And yes, with the exception of the 2 hours I spent crossing the saddle yesterday, this is my fourth full day in the forest. But even the forest itself seemed to feel my frustration and came out to remind me all was fine.
There were plenty of opportunity views back along the river…
And the occasional open grassy areas to cross, to break up the constant forest. This one led onto the only real climb of the day, passing over a knoll to get the heart pumping a little. At the end of the knoll, I met an exhausted looking couple who were carrying far too much. They’d only started an hour earlier after getting a water taxi across the lake.
With only a couple of kilometres left, I crossed the river and made my way through the flat forest waiting for the lake to appear. Then, for the first time this hike, the weather turned and a very light rain began. It continued until I finally arrived at the lake and then shortly after to the hut. On arrival, the sky opened up and bucketed down with lighting and thunder for much of the evening. About midway, a rather wet walker arrived, no doubt thankful to be out of the rain.
Day 5 – Sabine Hut to Angelus Hut 7.2km – 6 hours
After the rain of the previous evening, I was concerned that the steep first route that left from beside the hut would be overly wet and slippery, but I went anyway. The initial climb was very steep and foot placement was pertinent, carefully placed on dirt with a slight covering, no rocks or roots unless I could get a good foot holding.
It was slow work, and I used the trees where I could. After the first hour, the steepness eased with easier paths, but I remained fastidious, ever watching my steps. The climb grew easier, but the forest must have held a fairly low temperature, as I neither felt tired nor even broke a sweat as I climbed. This is odd, as I am an easy sweater while walking under weight. The trail grew steeper in hour three, only to round off and become flatter once again.
The Sabine hut is at 467m and at 1335m I emerged into a sunny Tussock covered rolling hilltop. I stopped just inside the forest to prepare for the open trail.

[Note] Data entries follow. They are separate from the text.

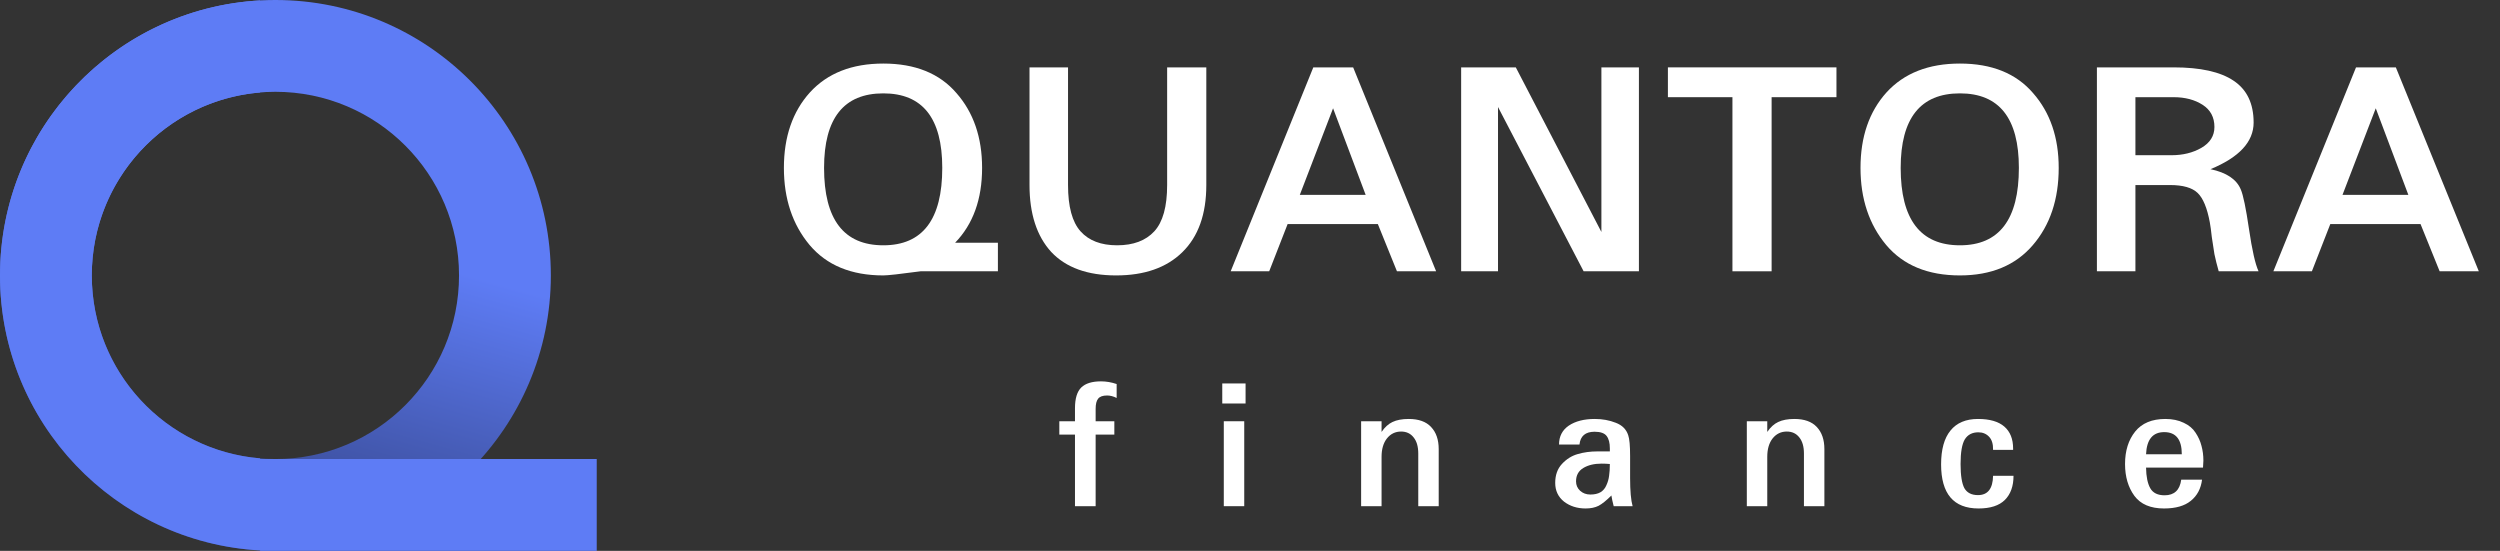 <svg width="118" height="26" viewBox="0 0 118 26" fill="none" xmlns="http://www.w3.org/2000/svg">
<rect x="0" y="0" width="118" height="26" fill="#333333" stroke="none"/>
<path d="M44.475 7.925C44.475 5.58 43.547 4.407 41.693 4.407C39.828 4.407 38.896 5.58 38.896 7.925C38.896 10.36 39.828 11.578 41.693 11.578C43.547 11.578 44.475 10.36 44.475 7.925ZM47.101 12.805H43.449C42.486 12.935 41.9 13 41.693 13C40.181 13 39.02 12.521 38.212 11.563C37.404 10.595 37 9.382 37 7.925C37 6.458 37.409 5.27 38.228 4.362C39.056 3.454 40.212 3 41.693 3C43.195 3 44.345 3.464 45.143 4.392C45.951 5.31 46.355 6.488 46.355 7.925C46.355 9.402 45.93 10.58 45.081 11.458H47.101V12.805Z" fill="white"/>
<path d="M56.938 8.734C56.938 10.111 56.56 11.169 55.803 11.907C55.057 12.636 54.016 13 52.68 13C51.333 13 50.313 12.631 49.618 11.892C48.935 11.144 48.593 10.091 48.593 8.734V3.18H50.411V8.734C50.411 9.752 50.608 10.48 51.002 10.919C51.395 11.358 51.97 11.578 52.727 11.578C53.493 11.578 54.078 11.358 54.483 10.919C54.887 10.48 55.089 9.752 55.089 8.734V3.18H56.938V8.734Z" fill="white"/>
<path d="M64.459 9.198L62.921 5.111L61.351 9.198H64.459ZM67.785 12.805H65.936L65.034 10.575H60.776L59.906 12.805H58.088L61.988 3.18H63.869L67.785 12.805Z" fill="white"/>
<path d="M77.357 12.805H74.747L70.706 5.051V12.805H68.966V3.18H71.546L75.586 10.949V3.18H77.357V12.805Z" fill="white"/>
<path d="M86.681 4.587H83.62V12.805H81.771V4.587H78.725V3.18H86.681V4.587Z" fill="white"/>
<path d="M95.291 7.925C95.291 5.58 94.363 4.407 92.509 4.407C90.644 4.407 89.712 5.58 89.712 7.925C89.712 10.36 90.644 11.578 92.509 11.578C94.363 11.578 95.291 10.36 95.291 7.925ZM97.171 7.925C97.171 9.412 96.762 10.63 95.943 11.578C95.125 12.526 93.98 13 92.509 13C90.996 13 89.836 12.521 89.028 11.563C88.22 10.595 87.816 9.382 87.816 7.925C87.816 6.458 88.225 5.27 89.043 4.362C89.872 3.454 91.028 3 92.509 3C94.011 3 95.161 3.464 95.959 4.392C96.767 5.31 97.171 6.488 97.171 7.925Z" fill="white"/>
<path d="M104.521 5.994C104.521 5.535 104.335 5.186 103.962 4.946C103.589 4.707 103.133 4.587 102.594 4.587H100.792V7.326H102.501C103.03 7.326 103.496 7.212 103.9 6.982C104.314 6.743 104.521 6.413 104.521 5.994ZM106.604 12.805H104.723C104.641 12.516 104.573 12.246 104.521 11.997C104.48 11.748 104.438 11.478 104.397 11.189C104.366 10.899 104.335 10.67 104.304 10.5C104.179 9.821 103.988 9.357 103.729 9.108C103.47 8.858 103.035 8.734 102.423 8.734H100.792V12.805H98.974V3.18H102.594C103.858 3.18 104.801 3.389 105.423 3.808C106.055 4.228 106.371 4.886 106.371 5.784C106.371 6.693 105.692 7.426 104.335 7.985C105.091 8.145 105.568 8.464 105.765 8.943C105.879 9.203 106.008 9.826 106.153 10.814C106.298 11.802 106.448 12.466 106.604 12.805Z" fill="white"/>
<path d="M113.674 9.198L112.136 5.111L110.566 9.198H113.674ZM117 12.805H115.151L114.249 10.575H109.991L109.121 12.805H107.303L111.204 3.18H113.084L117 12.805Z" fill="white"/>
<path d="M52.706 18.784C52.549 18.706 52.399 18.667 52.255 18.667C52.05 18.667 51.909 18.718 51.831 18.82C51.753 18.916 51.714 19.075 51.714 19.297V19.883H52.597V20.514H51.714V23.892H50.739V20.514H50V19.883H50.739V19.27C50.739 18.808 50.839 18.48 51.037 18.288C51.236 18.096 51.545 18 51.966 18C52.213 18 52.459 18.042 52.706 18.126V18.784Z" fill="white"/>
<path d="M58.728 23.892H57.763V19.883H58.728V23.892ZM58.791 19.045H57.691V18.099H58.791V19.045Z" fill="white"/>
<path d="M67.907 23.892H66.942V21.405C66.942 21.081 66.87 20.829 66.725 20.649C66.581 20.462 66.383 20.369 66.13 20.369C65.86 20.369 65.637 20.477 65.463 20.694C65.294 20.91 65.21 21.198 65.21 21.559V23.892H64.245V19.883H65.21V20.387C65.361 20.165 65.532 20.009 65.724 19.919C65.923 19.823 66.178 19.775 66.491 19.775C66.96 19.775 67.312 19.901 67.546 20.153C67.787 20.405 67.907 20.754 67.907 21.198V23.892Z" fill="white"/>
<path d="M75.985 21.901C75.853 21.889 75.724 21.883 75.598 21.883C75.249 21.883 74.96 21.952 74.732 22.09C74.503 22.228 74.389 22.438 74.389 22.721C74.389 22.895 74.452 23.042 74.579 23.162C74.711 23.282 74.873 23.342 75.066 23.342C75.258 23.342 75.417 23.306 75.543 23.234C75.67 23.156 75.763 23.045 75.823 22.901C75.889 22.757 75.931 22.61 75.949 22.459C75.973 22.303 75.985 22.117 75.985 21.901ZM77.059 23.892H76.166C76.112 23.682 76.076 23.514 76.058 23.387C75.823 23.622 75.622 23.784 75.453 23.874C75.285 23.958 75.081 24 74.84 24C74.443 24 74.103 23.892 73.821 23.676C73.544 23.453 73.406 23.159 73.406 22.793C73.406 22.426 73.511 22.129 73.722 21.901C73.938 21.667 74.188 21.511 74.47 21.432C74.753 21.348 75.066 21.306 75.408 21.306H75.985V21.162C75.985 20.904 75.934 20.709 75.832 20.577C75.73 20.444 75.54 20.378 75.264 20.378C74.831 20.378 74.594 20.58 74.551 20.982H73.586C73.586 20.598 73.74 20.3 74.046 20.09C74.359 19.88 74.768 19.775 75.273 19.775C75.634 19.775 75.964 19.835 76.265 19.955C76.566 20.069 76.761 20.264 76.851 20.541C76.911 20.709 76.941 21.036 76.941 21.523V22.559C76.941 23.171 76.981 23.616 77.059 23.892Z" fill="white"/>
<path d="M86.111 23.892H85.146V21.405C85.146 21.081 85.074 20.829 84.93 20.649C84.785 20.462 84.587 20.369 84.335 20.369C84.064 20.369 83.841 20.477 83.667 20.694C83.499 20.91 83.415 21.198 83.415 21.559V23.892H82.45V19.883H83.415V20.387C83.565 20.165 83.736 20.009 83.929 19.919C84.127 19.823 84.383 19.775 84.695 19.775C85.164 19.775 85.516 19.901 85.751 20.153C85.991 20.405 86.111 20.754 86.111 21.198V23.892Z" fill="white"/>
<path d="M95.038 22.459C95.038 22.946 94.902 23.324 94.632 23.595C94.361 23.865 93.946 24 93.387 24C92.209 24 91.62 23.306 91.62 21.919C91.62 21.216 91.767 20.685 92.061 20.324C92.356 19.958 92.789 19.775 93.36 19.775C93.913 19.775 94.328 19.895 94.605 20.135C94.881 20.375 95.019 20.721 95.019 21.171V21.234H94.073C94.079 20.958 94.016 20.751 93.883 20.613C93.751 20.474 93.583 20.405 93.378 20.405C93.09 20.405 92.876 20.517 92.738 20.739C92.606 20.961 92.539 21.348 92.539 21.901C92.539 22.441 92.6 22.823 92.72 23.045C92.846 23.261 93.059 23.369 93.36 23.369C93.823 23.369 94.061 23.066 94.073 22.459H95.038Z" fill="white"/>
<path d="M102.981 21.441C102.981 20.745 102.704 20.396 102.151 20.396C101.61 20.396 101.324 20.745 101.294 21.441H102.981ZM103.937 22.64C103.883 23.066 103.705 23.399 103.405 23.64C103.11 23.88 102.689 24 102.142 24C101.505 24 101.039 23.802 100.744 23.405C100.45 23.003 100.302 22.502 100.302 21.901C100.302 21.276 100.462 20.766 100.78 20.369C101.099 19.973 101.574 19.775 102.205 19.775C102.536 19.775 102.825 19.835 103.071 19.955C103.318 20.069 103.504 20.225 103.63 20.423C103.763 20.622 103.856 20.829 103.91 21.045C103.97 21.261 104 21.492 104 21.739C104 21.817 103.994 21.928 103.982 22.072H101.294C101.3 22.498 101.367 22.823 101.493 23.045C101.619 23.267 101.845 23.378 102.169 23.378C102.626 23.378 102.888 23.132 102.954 22.64H103.937Z" fill="white"/>
<path d="M13 0C20.18 9.32872e-05 26 5.82 26 13C26 20.18 20.18 26 13 26C5.82 26 9.329e-05 20.18 0 13C0 5.82 5.82 0 13 0ZM13 4.333C8.214 4.333 4.333 8.214 4.333 13C4.333 17.786 8.214 21.666 13 21.666C17.786 21.666 21.666 17.786 21.666 13C21.666 8.214 17.786 4.333 13 4.333Z" fill="url(#paint0_linear_409_78)"/>
<path d="M12.277 4.365C7.829 4.733 4.333 8.457 4.333 13C4.333 17.543 7.829 21.265 12.277 21.633V21.666H28.166V26H12.277V25.98C5.434 25.605 0 19.937 0 13C8.33585e-05 6.063 5.434 0.395 12.277 0.021V4.365Z" fill="#5E7CF5"/>
<defs>
<linearGradient id="paint0_linear_409_78" x1="22.208" y1="13" x2="18.597" y2="26" gradientUnits="userSpaceOnUse">
<stop stop-color="#5E7CF5"/>
<stop offset="1" stop-color="#37488F"/>
</linearGradient>
</defs>
</svg>

I climbed a further 200m in the glorious open sky to the summit of Mount Cedric and stopped for lunch. Below me lake Rotoroa stretched away while to the side mountains stood tall. Out of the shade of the trees the wind at this height was icy, so I put on my wind breaker.
A crown of mountains headed off to the right, and I saw that the Mount Cedric Track followed it, so after eating, I continued walking.
My climb, now in the open air, was glorious, and under the direct sunlight I began to sweat. The climb grew higher as I skirted around the rocky top of the crown and followed the ridge line off to the left, climbing even higher.
After being in the forest for four days, just being atop an open mountain ridge gave me a sense of enjoyment. The direct sun, the slight breeze, the rocky bliss and the sense of smallness among giants…
While there was a defined path, there was some rock hopping and thin somewhat precarious paths, but I always walk with caution on these paths. I got past and rounded the ridge line to look down onto the valley where Lake Angelus was supposed to be, but there was another smaller ridge in the way. Below me I could see the Hinapouri tarns instead.
I descended towards their smaller ridge with much rock hopping, which took some time, before I finally climbed down the slope to stand before Lake Angelus.
I climbed down to a flat tussock path, then around the lake to the Hut where, in the blissful sunshine, dropped my pack and chatted to some ladies on the front deck. Angelus hut turned out to be a very social hut with more people arriving through the afternoon.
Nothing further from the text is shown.